## Task instructions
Under this line are the records; write out word for word the part that begins at the line containing "29.047C174.336 26.196 172.031" and ends at the line containing "48.32C9.675 47.151 11.062", and no more.

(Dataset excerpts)
★ ★ ★ ★ ★

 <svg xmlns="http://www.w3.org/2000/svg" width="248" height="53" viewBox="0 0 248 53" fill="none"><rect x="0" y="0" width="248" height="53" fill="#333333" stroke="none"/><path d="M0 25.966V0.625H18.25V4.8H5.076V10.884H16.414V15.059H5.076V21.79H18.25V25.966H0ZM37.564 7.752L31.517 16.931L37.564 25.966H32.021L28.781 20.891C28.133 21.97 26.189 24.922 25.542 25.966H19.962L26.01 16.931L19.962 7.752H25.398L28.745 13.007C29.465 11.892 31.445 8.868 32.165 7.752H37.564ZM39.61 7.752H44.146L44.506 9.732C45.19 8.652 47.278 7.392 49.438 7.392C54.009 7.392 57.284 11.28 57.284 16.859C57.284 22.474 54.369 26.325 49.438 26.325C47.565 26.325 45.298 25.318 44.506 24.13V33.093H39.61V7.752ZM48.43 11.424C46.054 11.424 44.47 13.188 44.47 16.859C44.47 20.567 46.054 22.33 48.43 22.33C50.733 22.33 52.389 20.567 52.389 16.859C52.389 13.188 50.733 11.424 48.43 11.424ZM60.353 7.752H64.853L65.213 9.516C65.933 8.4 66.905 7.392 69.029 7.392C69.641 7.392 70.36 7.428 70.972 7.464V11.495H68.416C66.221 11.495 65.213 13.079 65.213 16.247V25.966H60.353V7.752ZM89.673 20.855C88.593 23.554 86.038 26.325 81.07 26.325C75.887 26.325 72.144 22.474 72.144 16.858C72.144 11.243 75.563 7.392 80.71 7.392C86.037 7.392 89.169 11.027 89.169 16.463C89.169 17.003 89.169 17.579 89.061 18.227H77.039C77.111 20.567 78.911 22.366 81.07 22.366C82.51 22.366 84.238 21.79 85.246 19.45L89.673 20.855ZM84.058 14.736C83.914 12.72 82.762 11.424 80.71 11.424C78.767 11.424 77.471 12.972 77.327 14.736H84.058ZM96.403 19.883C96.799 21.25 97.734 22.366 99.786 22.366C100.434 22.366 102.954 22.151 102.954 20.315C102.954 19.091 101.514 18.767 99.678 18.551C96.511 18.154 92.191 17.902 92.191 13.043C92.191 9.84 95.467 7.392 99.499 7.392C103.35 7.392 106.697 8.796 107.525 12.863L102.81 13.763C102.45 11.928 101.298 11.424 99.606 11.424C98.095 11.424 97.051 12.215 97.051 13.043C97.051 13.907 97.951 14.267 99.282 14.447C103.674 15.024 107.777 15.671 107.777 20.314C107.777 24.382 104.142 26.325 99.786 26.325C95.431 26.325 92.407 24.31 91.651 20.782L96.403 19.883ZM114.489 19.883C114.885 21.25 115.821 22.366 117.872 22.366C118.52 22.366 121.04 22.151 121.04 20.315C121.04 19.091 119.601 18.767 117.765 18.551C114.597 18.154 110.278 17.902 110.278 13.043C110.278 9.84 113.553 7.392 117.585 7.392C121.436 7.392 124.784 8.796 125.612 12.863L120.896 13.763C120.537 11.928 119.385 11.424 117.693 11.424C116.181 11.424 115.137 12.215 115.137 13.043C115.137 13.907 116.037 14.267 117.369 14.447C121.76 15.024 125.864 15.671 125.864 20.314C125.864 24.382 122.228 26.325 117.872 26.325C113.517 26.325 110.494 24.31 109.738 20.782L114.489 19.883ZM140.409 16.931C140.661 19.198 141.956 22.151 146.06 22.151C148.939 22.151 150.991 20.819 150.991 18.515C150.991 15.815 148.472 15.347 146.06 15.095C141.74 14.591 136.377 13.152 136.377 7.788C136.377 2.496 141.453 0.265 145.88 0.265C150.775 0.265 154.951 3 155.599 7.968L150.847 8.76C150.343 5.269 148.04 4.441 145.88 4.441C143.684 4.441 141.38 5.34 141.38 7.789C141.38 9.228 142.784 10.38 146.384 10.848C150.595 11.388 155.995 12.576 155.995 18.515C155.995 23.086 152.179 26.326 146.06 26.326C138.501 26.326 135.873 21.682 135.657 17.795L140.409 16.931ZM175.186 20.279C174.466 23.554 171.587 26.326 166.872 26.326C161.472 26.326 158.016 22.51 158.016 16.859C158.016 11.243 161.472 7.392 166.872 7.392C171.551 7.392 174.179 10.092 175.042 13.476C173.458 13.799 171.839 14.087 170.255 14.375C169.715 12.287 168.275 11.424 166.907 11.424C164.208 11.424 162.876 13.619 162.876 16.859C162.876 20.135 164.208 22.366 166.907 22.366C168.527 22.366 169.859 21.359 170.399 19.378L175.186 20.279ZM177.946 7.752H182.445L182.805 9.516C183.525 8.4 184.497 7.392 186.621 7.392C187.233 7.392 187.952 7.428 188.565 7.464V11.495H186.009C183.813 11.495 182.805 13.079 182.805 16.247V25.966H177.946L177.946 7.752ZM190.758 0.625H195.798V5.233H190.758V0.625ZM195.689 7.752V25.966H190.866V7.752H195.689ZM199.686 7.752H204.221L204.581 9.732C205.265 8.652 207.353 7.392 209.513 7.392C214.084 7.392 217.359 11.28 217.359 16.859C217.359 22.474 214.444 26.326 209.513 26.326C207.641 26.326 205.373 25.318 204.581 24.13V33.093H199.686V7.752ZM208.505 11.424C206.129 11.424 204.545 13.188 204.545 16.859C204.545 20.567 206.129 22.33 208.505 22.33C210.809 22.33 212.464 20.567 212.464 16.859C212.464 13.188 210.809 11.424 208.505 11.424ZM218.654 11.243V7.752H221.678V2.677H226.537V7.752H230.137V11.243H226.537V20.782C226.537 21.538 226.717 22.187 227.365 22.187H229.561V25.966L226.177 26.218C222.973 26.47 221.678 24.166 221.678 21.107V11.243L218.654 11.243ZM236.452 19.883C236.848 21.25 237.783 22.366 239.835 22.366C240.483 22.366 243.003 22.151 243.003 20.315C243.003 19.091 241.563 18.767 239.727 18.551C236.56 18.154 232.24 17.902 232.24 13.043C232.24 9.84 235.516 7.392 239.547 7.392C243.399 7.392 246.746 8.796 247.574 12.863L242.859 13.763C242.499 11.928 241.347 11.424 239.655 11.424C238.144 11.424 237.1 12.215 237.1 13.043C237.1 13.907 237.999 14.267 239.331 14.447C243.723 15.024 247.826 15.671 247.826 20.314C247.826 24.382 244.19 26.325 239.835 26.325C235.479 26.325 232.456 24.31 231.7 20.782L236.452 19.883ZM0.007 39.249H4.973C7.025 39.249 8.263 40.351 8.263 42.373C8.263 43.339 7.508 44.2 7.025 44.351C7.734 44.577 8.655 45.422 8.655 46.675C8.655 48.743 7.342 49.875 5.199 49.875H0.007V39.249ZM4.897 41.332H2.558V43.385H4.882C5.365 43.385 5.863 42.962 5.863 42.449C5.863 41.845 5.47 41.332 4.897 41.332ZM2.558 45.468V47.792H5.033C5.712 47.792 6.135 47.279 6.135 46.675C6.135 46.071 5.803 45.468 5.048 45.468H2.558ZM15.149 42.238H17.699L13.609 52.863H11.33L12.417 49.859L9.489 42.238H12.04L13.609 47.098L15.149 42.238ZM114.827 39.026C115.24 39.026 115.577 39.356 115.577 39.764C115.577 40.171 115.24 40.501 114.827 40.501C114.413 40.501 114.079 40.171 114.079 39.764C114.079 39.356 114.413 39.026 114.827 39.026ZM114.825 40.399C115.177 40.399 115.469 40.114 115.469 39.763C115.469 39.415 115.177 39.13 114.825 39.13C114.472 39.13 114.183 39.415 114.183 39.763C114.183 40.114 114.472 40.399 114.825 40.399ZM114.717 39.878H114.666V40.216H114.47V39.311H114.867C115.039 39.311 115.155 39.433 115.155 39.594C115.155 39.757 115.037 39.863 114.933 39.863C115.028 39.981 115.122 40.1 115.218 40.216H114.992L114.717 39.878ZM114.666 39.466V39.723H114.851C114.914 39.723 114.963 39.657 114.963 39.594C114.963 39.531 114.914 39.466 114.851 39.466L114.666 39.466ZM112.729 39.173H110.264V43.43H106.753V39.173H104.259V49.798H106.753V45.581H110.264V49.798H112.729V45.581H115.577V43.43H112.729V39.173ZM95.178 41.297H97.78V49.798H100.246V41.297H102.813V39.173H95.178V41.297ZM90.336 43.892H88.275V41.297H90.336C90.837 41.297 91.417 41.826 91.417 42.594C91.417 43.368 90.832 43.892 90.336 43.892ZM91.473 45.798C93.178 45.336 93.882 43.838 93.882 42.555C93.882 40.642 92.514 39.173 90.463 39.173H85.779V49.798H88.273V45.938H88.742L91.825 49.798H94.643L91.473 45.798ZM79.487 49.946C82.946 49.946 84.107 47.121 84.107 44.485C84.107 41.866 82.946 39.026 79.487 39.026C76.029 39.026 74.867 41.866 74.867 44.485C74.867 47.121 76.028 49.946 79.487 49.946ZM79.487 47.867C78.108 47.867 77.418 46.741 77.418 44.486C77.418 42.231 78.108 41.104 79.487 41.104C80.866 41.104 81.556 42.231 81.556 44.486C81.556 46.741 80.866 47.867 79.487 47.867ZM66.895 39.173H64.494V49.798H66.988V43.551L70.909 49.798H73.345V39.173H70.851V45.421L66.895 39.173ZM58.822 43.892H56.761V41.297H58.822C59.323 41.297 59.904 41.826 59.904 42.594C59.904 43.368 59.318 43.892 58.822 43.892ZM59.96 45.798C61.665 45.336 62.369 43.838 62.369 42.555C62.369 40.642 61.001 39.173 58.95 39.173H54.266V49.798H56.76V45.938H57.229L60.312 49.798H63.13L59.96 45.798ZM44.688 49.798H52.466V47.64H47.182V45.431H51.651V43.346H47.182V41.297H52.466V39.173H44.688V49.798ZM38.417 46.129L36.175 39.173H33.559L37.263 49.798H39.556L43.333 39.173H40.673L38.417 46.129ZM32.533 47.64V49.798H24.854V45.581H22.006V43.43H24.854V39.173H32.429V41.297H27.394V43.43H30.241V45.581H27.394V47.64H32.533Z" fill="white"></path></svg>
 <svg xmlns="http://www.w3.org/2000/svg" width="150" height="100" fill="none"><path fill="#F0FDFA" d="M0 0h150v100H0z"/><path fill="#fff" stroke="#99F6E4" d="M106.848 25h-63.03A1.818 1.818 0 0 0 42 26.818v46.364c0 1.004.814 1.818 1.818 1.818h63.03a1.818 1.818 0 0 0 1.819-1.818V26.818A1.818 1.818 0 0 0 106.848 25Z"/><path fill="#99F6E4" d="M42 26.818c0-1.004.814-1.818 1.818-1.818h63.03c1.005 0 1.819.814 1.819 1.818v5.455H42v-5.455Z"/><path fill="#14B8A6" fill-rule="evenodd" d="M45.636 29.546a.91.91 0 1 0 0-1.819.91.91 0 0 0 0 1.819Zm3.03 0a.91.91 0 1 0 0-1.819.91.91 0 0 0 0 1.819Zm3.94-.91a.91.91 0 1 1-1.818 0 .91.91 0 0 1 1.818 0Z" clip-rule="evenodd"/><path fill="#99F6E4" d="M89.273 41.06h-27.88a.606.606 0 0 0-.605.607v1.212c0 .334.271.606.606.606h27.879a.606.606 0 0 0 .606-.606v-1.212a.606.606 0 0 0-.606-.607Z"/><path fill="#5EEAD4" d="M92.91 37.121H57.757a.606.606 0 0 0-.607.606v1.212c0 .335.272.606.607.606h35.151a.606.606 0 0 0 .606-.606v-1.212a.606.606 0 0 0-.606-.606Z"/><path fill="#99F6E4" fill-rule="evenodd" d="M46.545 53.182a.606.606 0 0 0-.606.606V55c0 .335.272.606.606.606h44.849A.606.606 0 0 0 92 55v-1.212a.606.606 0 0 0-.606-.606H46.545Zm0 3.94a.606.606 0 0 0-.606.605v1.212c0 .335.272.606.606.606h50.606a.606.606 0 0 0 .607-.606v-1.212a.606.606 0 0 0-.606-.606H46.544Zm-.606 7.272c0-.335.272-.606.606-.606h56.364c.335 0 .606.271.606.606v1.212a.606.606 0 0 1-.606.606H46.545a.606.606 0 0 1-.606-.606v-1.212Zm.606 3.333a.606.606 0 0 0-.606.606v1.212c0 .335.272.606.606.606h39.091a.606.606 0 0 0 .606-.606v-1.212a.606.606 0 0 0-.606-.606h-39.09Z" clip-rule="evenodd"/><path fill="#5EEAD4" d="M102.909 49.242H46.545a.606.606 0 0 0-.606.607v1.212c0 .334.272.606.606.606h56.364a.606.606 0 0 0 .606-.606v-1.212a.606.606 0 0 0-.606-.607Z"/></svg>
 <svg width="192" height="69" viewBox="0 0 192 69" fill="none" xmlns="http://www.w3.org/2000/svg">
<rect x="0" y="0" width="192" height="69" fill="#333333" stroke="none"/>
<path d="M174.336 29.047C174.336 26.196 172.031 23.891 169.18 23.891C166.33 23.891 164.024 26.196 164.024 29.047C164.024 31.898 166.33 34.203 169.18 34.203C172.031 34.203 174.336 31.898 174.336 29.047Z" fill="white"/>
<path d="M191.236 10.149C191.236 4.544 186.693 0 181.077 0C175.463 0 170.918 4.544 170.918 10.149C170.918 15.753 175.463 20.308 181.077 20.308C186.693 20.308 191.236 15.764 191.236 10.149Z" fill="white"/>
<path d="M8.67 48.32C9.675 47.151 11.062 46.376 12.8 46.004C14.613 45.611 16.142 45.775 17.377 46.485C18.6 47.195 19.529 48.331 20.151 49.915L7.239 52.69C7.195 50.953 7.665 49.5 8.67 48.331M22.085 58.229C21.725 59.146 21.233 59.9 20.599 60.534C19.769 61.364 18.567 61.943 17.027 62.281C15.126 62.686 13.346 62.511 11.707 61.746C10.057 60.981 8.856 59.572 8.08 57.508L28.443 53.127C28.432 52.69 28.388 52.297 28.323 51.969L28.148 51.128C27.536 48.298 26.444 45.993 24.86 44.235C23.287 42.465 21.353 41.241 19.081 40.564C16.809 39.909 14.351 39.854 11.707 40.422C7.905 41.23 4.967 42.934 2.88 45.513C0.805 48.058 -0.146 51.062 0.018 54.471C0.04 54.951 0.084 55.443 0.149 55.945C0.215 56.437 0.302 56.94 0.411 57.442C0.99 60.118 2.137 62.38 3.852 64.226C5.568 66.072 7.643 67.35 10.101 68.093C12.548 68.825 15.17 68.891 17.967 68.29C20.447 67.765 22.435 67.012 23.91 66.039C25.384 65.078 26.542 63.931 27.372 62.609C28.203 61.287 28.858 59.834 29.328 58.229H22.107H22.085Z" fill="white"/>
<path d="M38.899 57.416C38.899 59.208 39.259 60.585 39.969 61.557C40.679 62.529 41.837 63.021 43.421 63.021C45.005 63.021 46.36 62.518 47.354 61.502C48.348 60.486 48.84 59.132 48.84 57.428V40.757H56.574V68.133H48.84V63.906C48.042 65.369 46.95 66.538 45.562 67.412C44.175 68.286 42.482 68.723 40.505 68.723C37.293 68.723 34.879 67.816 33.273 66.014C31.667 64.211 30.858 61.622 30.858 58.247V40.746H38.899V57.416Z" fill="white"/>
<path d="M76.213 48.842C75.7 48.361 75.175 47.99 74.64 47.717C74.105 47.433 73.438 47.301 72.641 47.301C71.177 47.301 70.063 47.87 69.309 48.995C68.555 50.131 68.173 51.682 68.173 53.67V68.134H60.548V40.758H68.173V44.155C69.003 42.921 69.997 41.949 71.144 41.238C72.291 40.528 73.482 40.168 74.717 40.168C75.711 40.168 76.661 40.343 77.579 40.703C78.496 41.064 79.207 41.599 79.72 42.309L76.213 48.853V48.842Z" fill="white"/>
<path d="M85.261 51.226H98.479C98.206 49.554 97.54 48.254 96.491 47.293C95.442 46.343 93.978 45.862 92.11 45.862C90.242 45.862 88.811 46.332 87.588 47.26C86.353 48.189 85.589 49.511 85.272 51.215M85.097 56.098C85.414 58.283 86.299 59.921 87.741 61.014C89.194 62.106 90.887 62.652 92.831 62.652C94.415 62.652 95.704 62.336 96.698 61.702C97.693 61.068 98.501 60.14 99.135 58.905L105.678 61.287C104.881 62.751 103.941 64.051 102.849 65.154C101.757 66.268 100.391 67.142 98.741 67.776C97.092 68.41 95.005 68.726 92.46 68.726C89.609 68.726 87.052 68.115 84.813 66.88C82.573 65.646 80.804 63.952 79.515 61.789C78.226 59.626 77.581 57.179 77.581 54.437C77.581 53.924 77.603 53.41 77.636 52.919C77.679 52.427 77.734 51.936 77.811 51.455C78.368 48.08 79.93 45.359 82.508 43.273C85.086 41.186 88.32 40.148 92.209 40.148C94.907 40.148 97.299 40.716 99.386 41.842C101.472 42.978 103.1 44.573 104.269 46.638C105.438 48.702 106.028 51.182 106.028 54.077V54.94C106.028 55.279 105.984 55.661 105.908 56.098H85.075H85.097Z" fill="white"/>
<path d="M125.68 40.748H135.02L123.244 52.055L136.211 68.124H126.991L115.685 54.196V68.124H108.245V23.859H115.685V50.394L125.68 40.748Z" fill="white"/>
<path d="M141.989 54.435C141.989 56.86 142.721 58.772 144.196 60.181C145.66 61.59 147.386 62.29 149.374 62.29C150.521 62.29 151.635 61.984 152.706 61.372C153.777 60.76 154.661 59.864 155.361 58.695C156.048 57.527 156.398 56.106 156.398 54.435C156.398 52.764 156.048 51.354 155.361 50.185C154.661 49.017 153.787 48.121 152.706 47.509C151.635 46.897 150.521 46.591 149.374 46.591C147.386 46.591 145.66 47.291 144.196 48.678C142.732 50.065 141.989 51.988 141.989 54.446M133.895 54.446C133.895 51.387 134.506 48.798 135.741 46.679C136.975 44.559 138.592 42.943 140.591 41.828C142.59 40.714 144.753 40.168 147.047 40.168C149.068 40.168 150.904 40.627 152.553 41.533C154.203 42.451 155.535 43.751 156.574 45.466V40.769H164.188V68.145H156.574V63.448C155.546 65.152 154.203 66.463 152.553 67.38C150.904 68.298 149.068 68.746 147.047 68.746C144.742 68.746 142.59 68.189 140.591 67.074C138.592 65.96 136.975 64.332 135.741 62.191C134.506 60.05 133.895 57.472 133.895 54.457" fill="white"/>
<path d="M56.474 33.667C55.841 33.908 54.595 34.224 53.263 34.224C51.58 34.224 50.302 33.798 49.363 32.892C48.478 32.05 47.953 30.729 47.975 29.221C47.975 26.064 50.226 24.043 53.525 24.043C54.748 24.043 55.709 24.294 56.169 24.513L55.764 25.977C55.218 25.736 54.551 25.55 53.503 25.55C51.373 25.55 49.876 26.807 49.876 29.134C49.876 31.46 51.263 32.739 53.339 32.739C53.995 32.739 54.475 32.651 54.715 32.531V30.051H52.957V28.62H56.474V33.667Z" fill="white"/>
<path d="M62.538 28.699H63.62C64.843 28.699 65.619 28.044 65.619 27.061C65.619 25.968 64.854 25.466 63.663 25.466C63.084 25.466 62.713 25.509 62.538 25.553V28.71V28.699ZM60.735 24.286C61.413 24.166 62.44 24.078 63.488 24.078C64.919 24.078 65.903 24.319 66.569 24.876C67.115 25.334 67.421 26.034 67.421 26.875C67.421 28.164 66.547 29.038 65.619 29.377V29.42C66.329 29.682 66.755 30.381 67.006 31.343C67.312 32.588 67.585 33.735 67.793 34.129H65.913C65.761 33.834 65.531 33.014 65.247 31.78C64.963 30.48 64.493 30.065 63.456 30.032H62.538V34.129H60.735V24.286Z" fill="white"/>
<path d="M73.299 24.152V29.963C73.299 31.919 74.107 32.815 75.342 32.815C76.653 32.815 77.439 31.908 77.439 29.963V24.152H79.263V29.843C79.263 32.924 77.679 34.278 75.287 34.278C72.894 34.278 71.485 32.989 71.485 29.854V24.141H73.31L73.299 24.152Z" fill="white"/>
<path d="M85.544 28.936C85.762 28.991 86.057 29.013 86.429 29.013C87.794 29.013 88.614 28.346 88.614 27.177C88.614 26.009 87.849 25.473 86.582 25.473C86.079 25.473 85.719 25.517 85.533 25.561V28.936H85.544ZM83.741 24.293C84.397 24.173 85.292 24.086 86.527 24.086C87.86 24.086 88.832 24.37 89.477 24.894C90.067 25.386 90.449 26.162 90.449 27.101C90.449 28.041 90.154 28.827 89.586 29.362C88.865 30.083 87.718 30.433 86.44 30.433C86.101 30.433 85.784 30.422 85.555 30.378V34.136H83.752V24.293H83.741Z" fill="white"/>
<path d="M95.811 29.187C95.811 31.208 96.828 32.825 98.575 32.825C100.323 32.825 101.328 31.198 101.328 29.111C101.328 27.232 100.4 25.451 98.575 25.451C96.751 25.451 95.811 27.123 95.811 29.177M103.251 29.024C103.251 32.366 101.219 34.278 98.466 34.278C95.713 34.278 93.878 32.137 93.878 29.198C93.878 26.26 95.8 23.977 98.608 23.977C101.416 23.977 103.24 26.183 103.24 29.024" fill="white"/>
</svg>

★ ★ ★ ★ ★

## Answer below
<path d="M174.336 29.047C174.336 26.196 172.031 23.891 169.18 23.891C166.33 23.891 164.024 26.196 164.024 29.047C164.024 31.898 166.33 34.203 169.18 34.203C172.031 34.203 174.336 31.898 174.336 29.047Z" fill="white"/>
<path d="M191.236 10.149C191.236 4.544 186.693 0 181.077 0C175.463 0 170.918 4.544 170.918 10.149C170.918 15.753 175.463 20.308 181.077 20.308C186.693 20.308 191.236 15.764 191.236 10.149Z" fill="white"/>
<path d="M8.67 48.32C9.675 47.151 11.062 46.376 12.8 46.004C14.613 45.611 16.142 45.775 17.377 46.485C18.6 47.195 19.529 48.331 20.151 49.915L7.239 52.69C7.195 50.953 7.665 49.5 8.67 48.331M22.085 58.229C21.725 59.146 21.233 59.9 20.599 60.534C19.769 61.364 18.567 61.943 17.027 62.281C15.126 62.686 13.346 62.511 11.707 61.746C10.057 60.981 8.856 59.572 8.08 57.508L28.443 53.127C28.432 52.69 28.388 52.297 28.323 51.969L28.148 51.128C27.536 48.298 26.444 45.993 24.86 44.235C23.287 42.465 21.353 41.241 19.081 40.564C16.809 39.909 14.351 39.854 11.707 40.422C7.905 41.23 4.967 42.934 2.88 45.513C0.805 48.058 -0.146 51.062 0.018 54.471C0.04 54.951 0.084 55.443 0.149 55.945C0.215 56.437 0.302 56.94 0.411 57.442C0.99 60.118 2.137 62.38 3.852 64.226C5.568 66.072 7.643 67.35 10.101 68.093C12.548 68.825 15.17 68.891 17.967 68.29C20.447 67.765 22.435 67.012 23.91 66.039C25.384 65.078 26.542 63.931 27.372 62.609C28.203 61.287 28.858 59.834 29.328 58.229H22.107H22.085Z" fill="white"/>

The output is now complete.